Besides running into those two short-term snags, the restaurant / Oyster Bar has been in operation all one hundred years the Terminal has been around. Many tenants have come and gone, like the theater and the barbershops and haberdashery. Countless new shops have populated the Terminal since its restoration, including the Apple Store. But none are really a New York institution like the Oyster Bar, the home of “New York’s Greatest Dish.” You may no longer be paying 35 cents for a dozen oysters, but you can still grab a good meal before catching a train or subway.
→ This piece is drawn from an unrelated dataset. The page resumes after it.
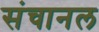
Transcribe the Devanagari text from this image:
संचानल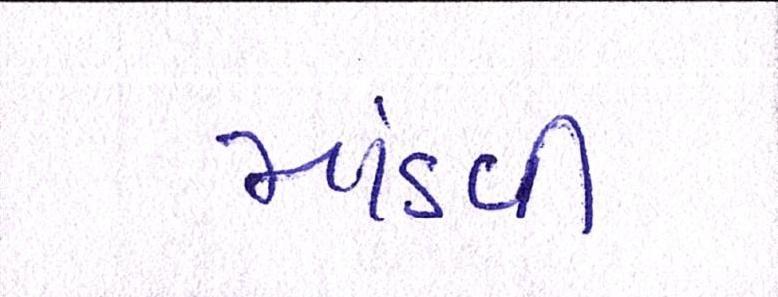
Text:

So happy 100th not only to Grand Central, but to the Oyster Bar as well!

7 Responses

  1. Al Cyone says:

    Alas, I never ate in the Oyster Bar but I do remember eating at the Automat across the street (80 East 42 Street). It was in, or close to, the Airlines Terminal building where you could buy plane tickets and then take a bus (probably one of Carey’s) to the airport.

    • William Hays says:

      There was another nearby Horn & Hardart ‘Automat’ on Lex at about 46th St.. The food wasn’t really great, but the service was unique.

  2. Al Cyone says:

    Speaking of oyster bars, after the devastating effects of SuperStorm Sandy several writers commented on the depleted oyster beds of the Hudson estuary and suggested that their revival might be part of a future protection plan. Here’s a teaser:

    Just as corals protect tropical islands, these oyster beds created undulation and contour on the harbor bottom that broke up wave action before it could pound the shore with its full force. But 400 years of poor behavior on the part of humans have ruined all that. As Mark Kurlansky details in his fine book “The Big Oyster,” during their first 300 years on these shores colonists nearly ate the wild creatures out of existence.

  3. William Hays says:

    Good news, methinks: the oyster population is recovering in, of all places, the Gowanus Canal! It will be a while before they are safe to eat. I’d like to see the NYSDEC (nee ‘The Conservation Dept.’) place some emphasis on these old oyster beds. Let the feds make it a ‘superfund’ site and remove all the unfortunates in ‘cement shoes’ from the canal.

  4. My great uncle was the manager of the Grand Central Oyster Bar. I have pictures of him. His name was Sydney Oliver Sampson. Would you like me to send the pictures to you? Also, in any of the items in your collection is his name mentioned?